Enhancing learning algorithms to support data with short sequence features by automated feature discovery

  • Authors:
  • Ofer Dor;Yoram Reich

  • Affiliations:
  • -;-

  • Venue:
  • Knowledge-Based Systems
  • Year:
  • 2013

Quantified Score

Hi-index 0.00

Visualization

Abstract

In this paper, we propose a VECtor DIScovery approach, called VECDIS, which enhances the learning performance of existing classifiers directly from various data types and is able to discover features made of multiple feature types for explanatory purposes. The data types could be combinations of multivariate, short time-series or short sequential data. The features in the dataset could have single item or/and a list of ordered items of different sizes. The present approach allows handling raw vector data without prior manipulation (i.e., preprocessing). The discovered features are made of vector and non-vector mathematical relations. The algorithm generates new vector features and mathematical expression features that are transmitted or exchanged with previously generated features, to the next iterative step. The approach is able to search and automatically discover thousands of different features (sequence manipulation), performed on the sequence features. We performed large number of experiments with various synthetic and simulated datasets and with a wide range of classifiers.
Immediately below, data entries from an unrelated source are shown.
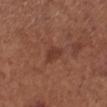Recorded during total-body skin imaging; not selected for excision or biopsy. The patient is a female in their mid-50s. Automated image analysis of the tile measured a lesion area of about 3.5 mm², a shape eccentricity near 0.75, and a symmetry-axis asymmetry near 0.25. The software also gave an average lesion color of about L≈37 a*≈22 b*≈27 (CIELAB) and about 7 CIELAB-L* units darker than the surrounding skin. This image is a 15 mm lesion crop taken from a total-body photograph. The lesion is on the leg.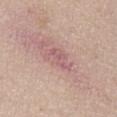Assessment:
Part of a total-body skin-imaging series; this lesion was reviewed on a skin check and was not flagged for biopsy.
Background:
A 15 mm close-up tile from a total-body photography series done for melanoma screening. This is a white-light tile. A female patient aged approximately 60. From the chest.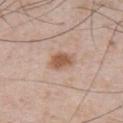Assessment: The lesion was tiled from a total-body skin photograph and was not biopsied. Background: A 15 mm crop from a total-body photograph taken for skin-cancer surveillance. The patient is a male about 55 years old. The total-body-photography lesion software estimated a lesion area of about 6 mm² and an outline eccentricity of about 0.7 (0 = round, 1 = elongated). The analysis additionally found a mean CIELAB color near L≈57 a*≈19 b*≈30, a lesion–skin lightness drop of about 11, and a normalized lesion–skin contrast near 8. The software also gave a border-irregularity rating of about 2/10 and radial color variation of about 1. The tile uses white-light illumination. The lesion is on the chest.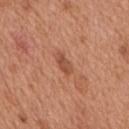biopsy status: imaged on a skin check; not biopsied
location: the back
subject: male, aged approximately 65
acquisition: ~15 mm tile from a whole-body skin photo
image-analysis metrics: an outline eccentricity of about 0.85 (0 = round, 1 = elongated) and a symmetry-axis asymmetry near 0.2; about 9 CIELAB-L* units darker than the surrounding skin
lesion size: ≈2.5 mm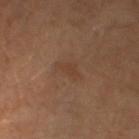Part of a total-body skin-imaging series; this lesion was reviewed on a skin check and was not flagged for biopsy.
A male patient, aged around 30.
Automated image analysis of the tile measured a mean CIELAB color near L≈38 a*≈18 b*≈28, a lesion–skin lightness drop of about 5, and a normalized border contrast of about 5. It also reported a border-irregularity index near 4.5/10, a within-lesion color-variation index near 1/10, and radial color variation of about 0.5.
Located on the left lower leg.
Measured at roughly 3 mm in maximum diameter.
This is a cross-polarized tile.
A 15 mm close-up tile from a total-body photography series done for melanoma screening.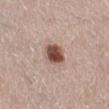Part of a total-body skin-imaging series; this lesion was reviewed on a skin check and was not flagged for biopsy.
The patient is a female aged 38 to 42.
Longest diameter approximately 3 mm.
A region of skin cropped from a whole-body photographic capture, roughly 15 mm wide.
The total-body-photography lesion software estimated a lesion–skin lightness drop of about 17 and a lesion-to-skin contrast of about 11.5 (normalized; higher = more distinct). It also reported an automated nevus-likeness rating near 100 out of 100 and lesion-presence confidence of about 100/100.
The lesion is located on the right lower leg.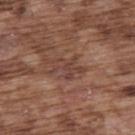{"biopsy_status": "not biopsied; imaged during a skin examination", "image": {"source": "total-body photography crop", "field_of_view_mm": 15}, "lesion_size": {"long_diameter_mm_approx": 3.5}, "site": "upper back", "patient": {"sex": "male", "age_approx": 75}}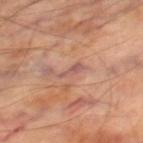notes — no biopsy performed (imaged during a skin exam); patient — male, roughly 70 years of age; body site — the right thigh; image source — 15 mm crop, total-body photography; lesion size — ~3 mm (longest diameter).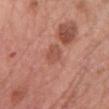workup = no biopsy performed (imaged during a skin exam); diameter = ~3 mm (longest diameter); subject = female, aged approximately 60; site = the chest; illumination = white-light illumination; acquisition = 15 mm crop, total-body photography.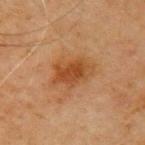  biopsy_status: not biopsied; imaged during a skin examination
  lesion_size:
    long_diameter_mm_approx: 4.5
  site: right upper arm
  automated_metrics:
    nevus_likeness_0_100: 80
    lesion_detection_confidence_0_100: 100
  image:
    source: total-body photography crop
    field_of_view_mm: 15
  patient:
    sex: male
    age_approx: 70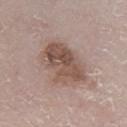This lesion was catalogued during total-body skin photography and was not selected for biopsy.
This is a white-light tile.
The lesion-visualizer software estimated a border-irregularity index near 3/10 and peripheral color asymmetry of about 2. The software also gave a detector confidence of about 100 out of 100 that the crop contains a lesion.
The lesion is located on the right lower leg.
Cropped from a total-body skin-imaging series; the visible field is about 15 mm.
A male patient about 80 years old.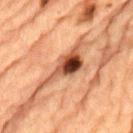Q: Is there a histopathology result?
A: total-body-photography surveillance lesion; no biopsy
Q: What is the lesion's diameter?
A: ≈7 mm
Q: What is the anatomic site?
A: the lower back
Q: Patient demographics?
A: male, about 85 years old or older
Q: How was this image acquired?
A: ~15 mm tile from a whole-body skin photo
Q: How was the tile lit?
A: cross-polarized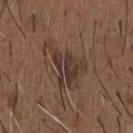Assessment:
Imaged during a routine full-body skin examination; the lesion was not biopsied and no histopathology is available.
Context:
Cropped from a total-body skin-imaging series; the visible field is about 15 mm. The lesion is located on the chest. A male subject in their 50s. Automated image analysis of the tile measured a shape eccentricity near 0.8 and a shape-asymmetry score of about 0.55 (0 = symmetric). It also reported an average lesion color of about L≈36 a*≈16 b*≈23 (CIELAB), a lesion–skin lightness drop of about 8, and a normalized border contrast of about 7.5. The software also gave a border-irregularity rating of about 8/10, internal color variation of about 4 on a 0–10 scale, and a peripheral color-asymmetry measure near 1.5.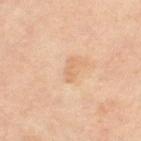Findings:
• notes · no biopsy performed (imaged during a skin exam)
• diameter · about 3 mm
• subject · female, roughly 50 years of age
• automated metrics · a border-irregularity index near 6/10 and a peripheral color-asymmetry measure near 0
• site · the right thigh
• acquisition · ~15 mm tile from a whole-body skin photo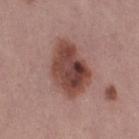This lesion was catalogued during total-body skin photography and was not selected for biopsy.
The patient is a female aged around 50.
A lesion tile, about 15 mm wide, cut from a 3D total-body photograph.
From the leg.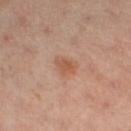Imaged during a routine full-body skin examination; the lesion was not biopsied and no histopathology is available.
A close-up tile cropped from a whole-body skin photograph, about 15 mm across.
A female patient aged around 40.
This is a cross-polarized tile.
On the right leg.
Approximately 2.5 mm at its widest.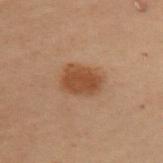Impression:
The lesion was tiled from a total-body skin photograph and was not biopsied.
Clinical summary:
A close-up tile cropped from a whole-body skin photograph, about 15 mm across. The patient is a female approximately 50 years of age. The tile uses cross-polarized illumination. Approximately 4 mm at its widest. On the left upper arm.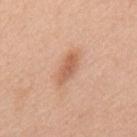{"biopsy_status": "not biopsied; imaged during a skin examination", "automated_metrics": {"area_mm2_approx": 6.0, "eccentricity": 0.9, "shape_asymmetry": 0.3, "cielab_L": 61, "cielab_a": 23, "cielab_b": 33}, "lighting": "white-light", "site": "upper back", "lesion_size": {"long_diameter_mm_approx": 4.0}, "patient": {"sex": "female", "age_approx": 40}, "image": {"source": "total-body photography crop", "field_of_view_mm": 15}}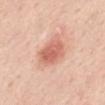No biopsy was performed on this lesion — it was imaged during a full skin examination and was not determined to be concerning.
A region of skin cropped from a whole-body photographic capture, roughly 15 mm wide.
An algorithmic analysis of the crop reported a footprint of about 9.5 mm², a shape eccentricity near 0.7, and two-axis asymmetry of about 0.15. And it measured a lesion color around L≈63 a*≈27 b*≈31 in CIELAB and a normalized border contrast of about 7.5. The software also gave a classifier nevus-likeness of about 100/100 and a lesion-detection confidence of about 100/100.
Located on the mid back.
A female subject about 45 years old.
Captured under white-light illumination.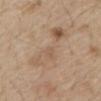Notes:
• biopsy status · imaged on a skin check; not biopsied
• lesion size · about 8.5 mm
• automated lesion analysis · a shape eccentricity near 0.95 and two-axis asymmetry of about 0.5; a normalized border contrast of about 4.5; a border-irregularity index near 7/10 and a within-lesion color-variation index near 6/10; an automated nevus-likeness rating near 0 out of 100
• anatomic site · the abdomen
• imaging modality · ~15 mm tile from a whole-body skin photo
• subject · male, roughly 70 years of age
• lighting · white-light illumination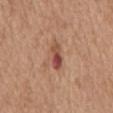This lesion was catalogued during total-body skin photography and was not selected for biopsy.
A female subject, aged approximately 75.
A 15 mm close-up tile from a total-body photography series done for melanoma screening.
The recorded lesion diameter is about 3.5 mm.
On the mid back.
Imaged with white-light lighting.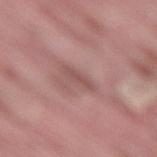From the lower back. A close-up tile cropped from a whole-body skin photograph, about 15 mm across. A male subject, approximately 40 years of age. Captured under white-light illumination.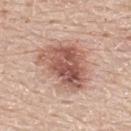Captured during whole-body skin photography for melanoma surveillance; the lesion was not biopsied.
Cropped from a total-body skin-imaging series; the visible field is about 15 mm.
The patient is a male aged around 60.
Automated tile analysis of the lesion measured an area of roughly 22 mm², an outline eccentricity of about 0.7 (0 = round, 1 = elongated), and two-axis asymmetry of about 0.3. And it measured a nevus-likeness score of about 85/100 and a lesion-detection confidence of about 100/100.
From the upper back.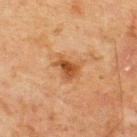{
  "lesion_size": {
    "long_diameter_mm_approx": 3.5
  },
  "image": {
    "source": "total-body photography crop",
    "field_of_view_mm": 15
  },
  "patient": {
    "sex": "male",
    "age_approx": 70
  },
  "lighting": "cross-polarized",
  "automated_metrics": {
    "area_mm2_approx": 7.5,
    "eccentricity": 0.7,
    "shape_asymmetry": 0.35,
    "vs_skin_contrast_norm": 8.0,
    "color_variation_0_10": 4.0,
    "peripheral_color_asymmetry": 1.0
  },
  "site": "upper back"
}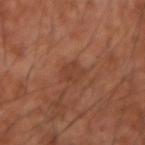{
  "biopsy_status": "not biopsied; imaged during a skin examination"
}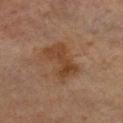biopsy status: total-body-photography surveillance lesion; no biopsy
anatomic site: the left upper arm
image source: ~15 mm crop, total-body skin-cancer survey
automated lesion analysis: a lesion area of about 11 mm², an eccentricity of roughly 0.85, and a shape-asymmetry score of about 0.25 (0 = symmetric); a mean CIELAB color near L≈35 a*≈17 b*≈28, about 7 CIELAB-L* units darker than the surrounding skin, and a normalized lesion–skin contrast near 7.5; border irregularity of about 3.5 on a 0–10 scale, a color-variation rating of about 3/10, and peripheral color asymmetry of about 1
patient: female, approximately 80 years of age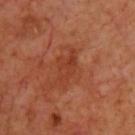Q: Is there a histopathology result?
A: no biopsy performed (imaged during a skin exam)
Q: What kind of image is this?
A: ~15 mm crop, total-body skin-cancer survey
Q: What did automated image analysis measure?
A: a shape eccentricity near 0.85 and a shape-asymmetry score of about 0.35 (0 = symmetric); a border-irregularity rating of about 4.5/10 and radial color variation of about 1; a nevus-likeness score of about 0/100 and a detector confidence of about 100 out of 100 that the crop contains a lesion
Q: What is the lesion's diameter?
A: about 4 mm
Q: What are the patient's age and sex?
A: male, aged around 70
Q: Where on the body is the lesion?
A: the front of the torso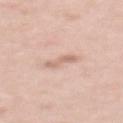Imaged during a routine full-body skin examination; the lesion was not biopsied and no histopathology is available. Cropped from a whole-body photographic skin survey; the tile spans about 15 mm. This is a white-light tile. From the upper back. A female patient, aged around 40.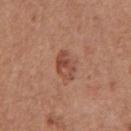Q: What is the imaging modality?
A: ~15 mm crop, total-body skin-cancer survey
Q: What are the patient's age and sex?
A: male, in their mid- to late 60s
Q: Lesion location?
A: the chest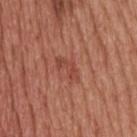Cropped from a total-body skin-imaging series; the visible field is about 15 mm. A male subject, in their 60s. On the upper back.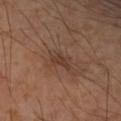Image and clinical context: Cropped from a total-body skin-imaging series; the visible field is about 15 mm. Captured under cross-polarized illumination. Located on the arm. The recorded lesion diameter is about 3 mm.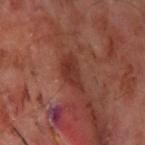The lesion was photographed on a routine skin check and not biopsied; there is no pathology result. The subject is a male roughly 65 years of age. The lesion is located on the left upper arm. The lesion-visualizer software estimated a lesion color around L≈33 a*≈26 b*≈26 in CIELAB and a normalized border contrast of about 7.5. It also reported border irregularity of about 4 on a 0–10 scale, a color-variation rating of about 2.5/10, and radial color variation of about 1. And it measured a nevus-likeness score of about 0/100 and a detector confidence of about 100 out of 100 that the crop contains a lesion. A lesion tile, about 15 mm wide, cut from a 3D total-body photograph.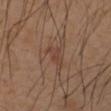The lesion was tiled from a total-body skin photograph and was not biopsied. This image is a 15 mm lesion crop taken from a total-body photograph. The tile uses cross-polarized illumination. Automated tile analysis of the lesion measured internal color variation of about 1 on a 0–10 scale and peripheral color asymmetry of about 0. Measured at roughly 3 mm in maximum diameter. The subject is a female aged 43 to 47. Located on the left forearm.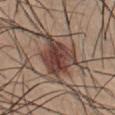The lesion was tiled from a total-body skin photograph and was not biopsied. Imaged with white-light lighting. On the front of the torso. A region of skin cropped from a whole-body photographic capture, roughly 15 mm wide. The patient is a male approximately 20 years of age. Measured at roughly 6.5 mm in maximum diameter.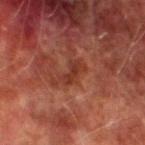Assessment:
No biopsy was performed on this lesion — it was imaged during a full skin examination and was not determined to be concerning.
Acquisition and patient details:
Imaged with cross-polarized lighting. A roughly 15 mm field-of-view crop from a total-body skin photograph. A male subject, aged approximately 75. The total-body-photography lesion software estimated an area of roughly 4.5 mm², a shape eccentricity near 0.85, and two-axis asymmetry of about 0.35. It also reported a classifier nevus-likeness of about 0/100 and lesion-presence confidence of about 100/100. Measured at roughly 3 mm in maximum diameter. Located on the leg.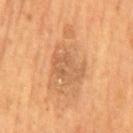workup — total-body-photography surveillance lesion; no biopsy
subject — male, aged 53 to 57
automated lesion analysis — an average lesion color of about L≈55 a*≈20 b*≈36 (CIELAB), about 7 CIELAB-L* units darker than the surrounding skin, and a normalized border contrast of about 5; a border-irregularity index near 4/10, a within-lesion color-variation index near 3/10, and a peripheral color-asymmetry measure near 1; a classifier nevus-likeness of about 0/100 and a lesion-detection confidence of about 100/100
image source — total-body-photography crop, ~15 mm field of view
body site — the mid back
lesion diameter — about 4.5 mm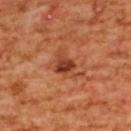Case summary:
* follow-up · no biopsy performed (imaged during a skin exam)
* location · the upper back
* diameter · ≈4 mm
* illumination · cross-polarized
* subject · female, in their mid-50s
* image source · 15 mm crop, total-body photography
* automated lesion analysis · an automated nevus-likeness rating near 40 out of 100 and lesion-presence confidence of about 100/100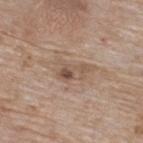Captured during whole-body skin photography for melanoma surveillance; the lesion was not biopsied.
The lesion's longest dimension is about 3.5 mm.
On the upper back.
The tile uses white-light illumination.
The patient is a female approximately 75 years of age.
A lesion tile, about 15 mm wide, cut from a 3D total-body photograph.
The total-body-photography lesion software estimated a nevus-likeness score of about 20/100 and a detector confidence of about 100 out of 100 that the crop contains a lesion.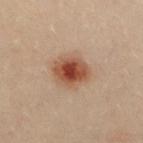Case summary:
* follow-up: no biopsy performed (imaged during a skin exam)
* lighting: cross-polarized illumination
* TBP lesion metrics: border irregularity of about 1 on a 0–10 scale, internal color variation of about 5 on a 0–10 scale, and a peripheral color-asymmetry measure near 1; an automated nevus-likeness rating near 100 out of 100 and lesion-presence confidence of about 100/100
* diameter: about 4 mm
* image source: total-body-photography crop, ~15 mm field of view
* patient: female, about 30 years old
* location: the chest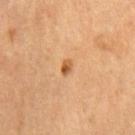The lesion was photographed on a routine skin check and not biopsied; there is no pathology result. Imaged with cross-polarized lighting. A roughly 15 mm field-of-view crop from a total-body skin photograph. Automated tile analysis of the lesion measured roughly 12 lightness units darker than nearby skin and a lesion-to-skin contrast of about 8 (normalized; higher = more distinct). And it measured border irregularity of about 2 on a 0–10 scale, a color-variation rating of about 4/10, and a peripheral color-asymmetry measure near 1.5. Approximately 2 mm at its widest. The subject is a female aged 68–72. The lesion is located on the right thigh.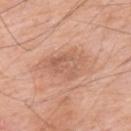This lesion was catalogued during total-body skin photography and was not selected for biopsy.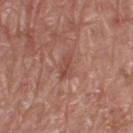Q: Was a biopsy performed?
A: catalogued during a skin exam; not biopsied
Q: What kind of image is this?
A: total-body-photography crop, ~15 mm field of view
Q: Patient demographics?
A: male, aged approximately 70
Q: What lighting was used for the tile?
A: white-light illumination
Q: What is the anatomic site?
A: the right thigh
Q: Lesion size?
A: ≈3 mm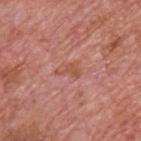The lesion was photographed on a routine skin check and not biopsied; there is no pathology result.
The lesion is located on the back.
A 15 mm close-up extracted from a 3D total-body photography capture.
A male subject in their mid-70s.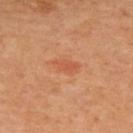{"biopsy_status": "not biopsied; imaged during a skin examination", "lighting": "cross-polarized", "site": "back", "patient": {"sex": "female", "age_approx": 65}, "image": {"source": "total-body photography crop", "field_of_view_mm": 15}}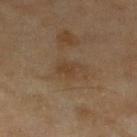Findings:
* notes — catalogued during a skin exam; not biopsied
* patient — female, approximately 60 years of age
* illumination — cross-polarized
* acquisition — ~15 mm crop, total-body skin-cancer survey
* site — the left lower leg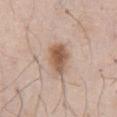No biopsy was performed on this lesion — it was imaged during a full skin examination and was not determined to be concerning. Measured at roughly 4 mm in maximum diameter. The lesion is located on the front of the torso. Imaged with white-light lighting. A male patient roughly 55 years of age. A 15 mm crop from a total-body photograph taken for skin-cancer surveillance.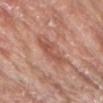This lesion was catalogued during total-body skin photography and was not selected for biopsy. An algorithmic analysis of the crop reported a border-irregularity rating of about 4.5/10 and radial color variation of about 1. The software also gave a classifier nevus-likeness of about 0/100. Cropped from a total-body skin-imaging series; the visible field is about 15 mm. A male subject, aged approximately 65. The tile uses white-light illumination. On the chest. Longest diameter approximately 6 mm.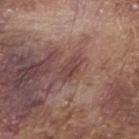Case summary:
* notes · imaged on a skin check; not biopsied
* tile lighting · white-light
* diameter · about 2.5 mm
* automated metrics · a lesion area of about 3 mm², an eccentricity of roughly 0.8, and two-axis asymmetry of about 0.35; a lesion color around L≈42 a*≈21 b*≈22 in CIELAB and a normalized border contrast of about 6
* anatomic site · the right forearm
* subject · male, aged around 75
* image source · ~15 mm tile from a whole-body skin photo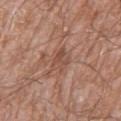– notes — catalogued during a skin exam; not biopsied
– subject — male, aged around 60
– size — about 3.5 mm
– imaging modality — total-body-photography crop, ~15 mm field of view
– location — the right thigh
– image-analysis metrics — a lesion color around L≈50 a*≈21 b*≈28 in CIELAB, a lesion–skin lightness drop of about 7, and a lesion-to-skin contrast of about 5.5 (normalized; higher = more distinct); a lesion-detection confidence of about 95/100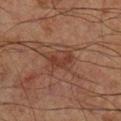Recorded during total-body skin imaging; not selected for excision or biopsy. This image is a 15 mm lesion crop taken from a total-body photograph. The lesion is located on the leg. Imaged with cross-polarized lighting. A male patient, aged approximately 70. Approximately 3 mm at its widest.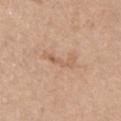Q: Was a biopsy performed?
A: imaged on a skin check; not biopsied
Q: Patient demographics?
A: male, approximately 70 years of age
Q: Automated lesion metrics?
A: a footprint of about 4 mm², an eccentricity of roughly 0.95, and two-axis asymmetry of about 0.55; an average lesion color of about L≈60 a*≈19 b*≈33 (CIELAB), roughly 7 lightness units darker than nearby skin, and a lesion-to-skin contrast of about 5 (normalized; higher = more distinct)
Q: Lesion size?
A: ~4 mm (longest diameter)
Q: Where on the body is the lesion?
A: the chest
Q: Illumination type?
A: white-light illumination
Q: How was this image acquired?
A: total-body-photography crop, ~15 mm field of view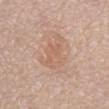Assessment: This lesion was catalogued during total-body skin photography and was not selected for biopsy. Background: This is a white-light tile. A 15 mm close-up extracted from a 3D total-body photography capture. The recorded lesion diameter is about 5.5 mm. Located on the abdomen. The subject is a female in their mid- to late 60s.

The results show that VECDIS enhanced significantly the classification performance of existing classifiers to handle datasets having multiple feature types with short sequence features. Nevertheless, there is no guarantee that the mathematical library as presented in this paper is suitable to all sequence datasets and would lead to discovering a valuable feature set. Therefore, VECDIS enables expanding or exchanging the mathematical library as desire.